GKE’s AI infrastructure surface is broad. For a multi-agent medical AI like Bodh, only about a third of it is directly applicable today (Agent Sandbox, Kueue, JobSet, the storage tier, Workload Identity, Cloud Audit Logs, OTel). Another third becomes applicable when self-hosted models enter the picture (Hyperdisk ML, NVIDIA NIM, vLLM, GPU operators). The remaining third is for workloads Bodh doesn’t have today (training, batch inference at scale, multi-tenant TPU orchestration).

The bigger lesson: GKE solves the runtime; the application has to solve the discipline. PHI redaction, audit-event field selection, HITL gate semantics, specialty diagnostic rules, MCP wire compatibility, right-to-explanation — these all live in Bodh, and Kubernetes neither helps nor hinders. Where the platform shines is when the discipline is already there and you need a place to run it that survives load, drains gracefully under disruption, and produces a clean forensic trail.

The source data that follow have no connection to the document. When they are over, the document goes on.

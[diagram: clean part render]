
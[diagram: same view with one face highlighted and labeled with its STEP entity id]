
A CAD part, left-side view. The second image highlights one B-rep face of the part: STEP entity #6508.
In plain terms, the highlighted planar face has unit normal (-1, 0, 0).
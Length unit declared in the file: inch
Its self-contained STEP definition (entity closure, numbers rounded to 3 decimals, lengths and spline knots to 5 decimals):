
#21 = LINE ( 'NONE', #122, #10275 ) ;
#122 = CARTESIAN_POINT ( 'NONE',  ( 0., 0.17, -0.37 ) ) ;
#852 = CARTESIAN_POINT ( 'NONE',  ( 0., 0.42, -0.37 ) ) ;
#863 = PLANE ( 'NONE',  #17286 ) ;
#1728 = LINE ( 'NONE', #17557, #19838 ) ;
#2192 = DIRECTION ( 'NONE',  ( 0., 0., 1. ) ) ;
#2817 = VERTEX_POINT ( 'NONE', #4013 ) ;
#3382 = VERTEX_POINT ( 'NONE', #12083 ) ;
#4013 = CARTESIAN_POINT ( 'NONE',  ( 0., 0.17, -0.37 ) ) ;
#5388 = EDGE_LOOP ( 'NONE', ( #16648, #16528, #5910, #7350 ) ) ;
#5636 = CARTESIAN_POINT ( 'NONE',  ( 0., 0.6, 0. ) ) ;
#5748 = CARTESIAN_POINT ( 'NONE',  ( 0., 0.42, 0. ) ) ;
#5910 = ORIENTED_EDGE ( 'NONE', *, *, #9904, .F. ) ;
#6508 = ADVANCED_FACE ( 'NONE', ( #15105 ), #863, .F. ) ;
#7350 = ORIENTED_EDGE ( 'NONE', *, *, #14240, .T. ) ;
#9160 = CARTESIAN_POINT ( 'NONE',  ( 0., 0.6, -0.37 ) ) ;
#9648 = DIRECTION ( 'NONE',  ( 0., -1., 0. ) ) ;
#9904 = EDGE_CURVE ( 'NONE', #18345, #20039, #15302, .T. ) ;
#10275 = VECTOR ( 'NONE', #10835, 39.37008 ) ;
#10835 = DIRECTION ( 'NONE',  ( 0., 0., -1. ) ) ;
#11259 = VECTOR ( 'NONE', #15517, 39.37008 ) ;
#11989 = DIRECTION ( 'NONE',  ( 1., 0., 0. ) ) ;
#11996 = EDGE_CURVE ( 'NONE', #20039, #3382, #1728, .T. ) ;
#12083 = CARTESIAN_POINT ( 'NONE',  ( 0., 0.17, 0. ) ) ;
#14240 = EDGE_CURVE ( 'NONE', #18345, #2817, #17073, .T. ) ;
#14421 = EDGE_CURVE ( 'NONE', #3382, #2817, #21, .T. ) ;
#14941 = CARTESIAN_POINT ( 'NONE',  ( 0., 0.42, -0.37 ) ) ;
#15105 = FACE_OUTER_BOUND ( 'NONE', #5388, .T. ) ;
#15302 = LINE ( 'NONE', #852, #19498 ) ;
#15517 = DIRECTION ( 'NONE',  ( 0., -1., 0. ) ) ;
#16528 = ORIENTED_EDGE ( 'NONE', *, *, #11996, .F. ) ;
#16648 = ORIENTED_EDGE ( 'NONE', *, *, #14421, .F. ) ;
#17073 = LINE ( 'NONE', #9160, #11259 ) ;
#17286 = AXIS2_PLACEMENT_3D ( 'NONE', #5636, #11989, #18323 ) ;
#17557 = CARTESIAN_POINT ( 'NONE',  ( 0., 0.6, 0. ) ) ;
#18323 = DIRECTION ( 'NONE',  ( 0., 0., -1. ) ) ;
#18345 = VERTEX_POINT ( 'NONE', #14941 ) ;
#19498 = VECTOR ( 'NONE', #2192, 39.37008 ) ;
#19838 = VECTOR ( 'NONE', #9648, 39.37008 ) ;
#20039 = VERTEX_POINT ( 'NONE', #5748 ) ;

If you’re building clinical AI on GCP, the GKE AI integrations page is genuinely worth reading end-to-end. If you’re building it on AWS or Azure, the same patterns translate — Bedrock / Fargate / RDS / KMS on AWS; Container Apps / Postgres Flexible / Azure OpenAI / Key Vault on Azure. The platform is interchangeable; the application discipline isn’t.


Bodh is a research and engineering reference. Not a medical device. Not approved for clinical use. The deployment topology above is the architectural target for a HIPAA-aligned production deployment; the codebase is not under a Business Associate Agreement and has not been audited.